Tuesday, May 26, 2009

An end to the "widow penalty?"

A court in Massachusetts (Taing v. Napolitano) has held that a woman from Cambodia could continue with her permanent residence application although her US citizen husband died before the paperwork was processed. The US immigration service (CIS) argued that Mrs. Taing no longer qualified as a "spouse" since her husband had died before the case was approved.

This controversial so-called "widow penalty" has been the subject of many news articles, listed
here. The New York Times recently called on the government to end this penalty also.
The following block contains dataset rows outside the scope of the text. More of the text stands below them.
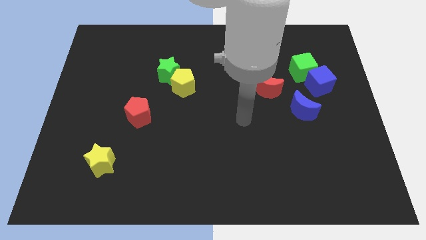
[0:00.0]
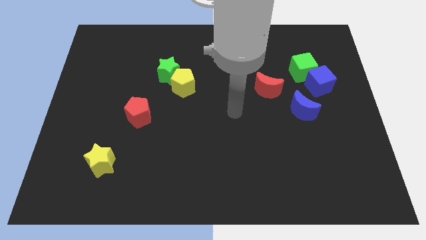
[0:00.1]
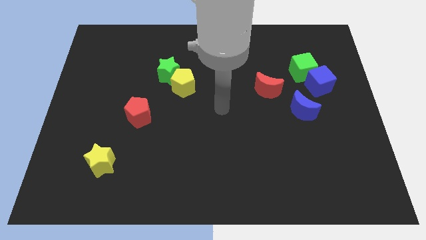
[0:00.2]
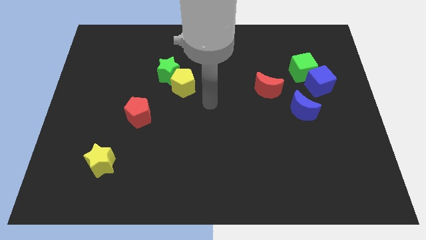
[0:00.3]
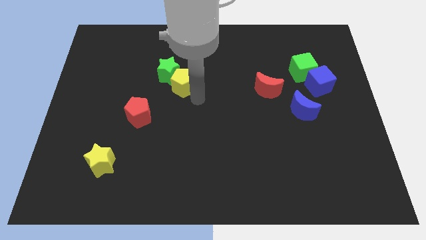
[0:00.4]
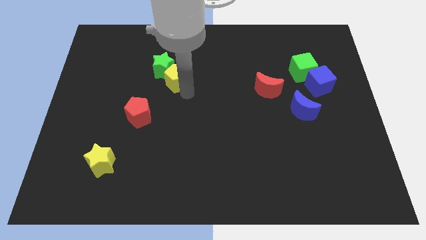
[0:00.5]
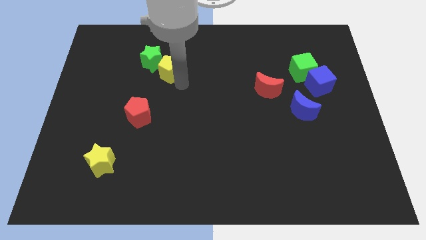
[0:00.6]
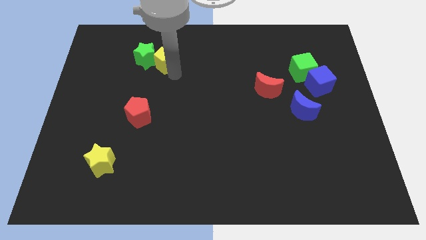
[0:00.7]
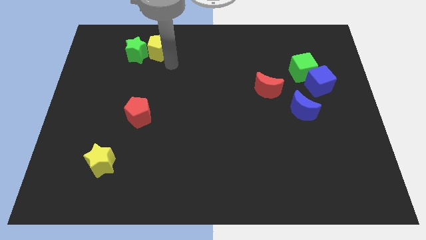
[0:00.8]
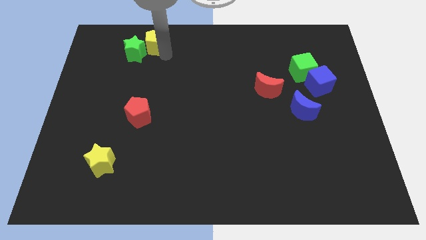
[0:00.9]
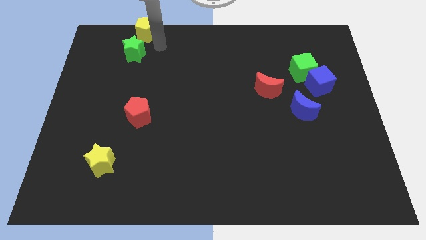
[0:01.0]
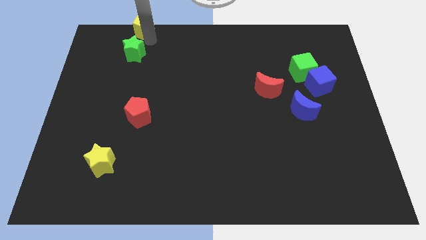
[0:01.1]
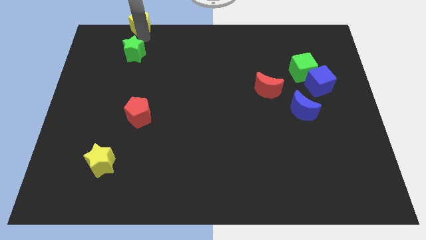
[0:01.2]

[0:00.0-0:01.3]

Mrs. Taing entered the US in 2004. Later that year, she married her late husband and they filed the relevant immigration paperwork. Six months later, Mr. Taing tragically died, before the immigration filings were approved. USCIS denied the permanent residence application, on the basis that Mrs. Taing was no longer a "spouse."
The US Court of Appeals for the First Circuit agreed with the Sixth and Ninth Circuit court's views that the plaintiff in this situation remained a "spouse" and that she should not be penalized because CIS didn't adjudicate the case quickly enough.
Although we rest our holding on entirely legal grounds, we note that our decision comports with common sense. We do not believe that Congress intended for the speed at which immigration authorities attend to a pending application to be dispositive in determining when a surviving spouse like Mrs. Taing, who has diligently followed the rules, can qualify as [a spouse.] As our sister court has recently noted, the result the government seeks would "create[] an arbitrary, irrational and inequitable outcome in which approvable petitions will be treated differently depending solely upon when the government grants the approval." Lockhart, 561 F.3d at 620 (quoting Robinson, 554 F.3d at 371 (Nygaard, J., dissenting)).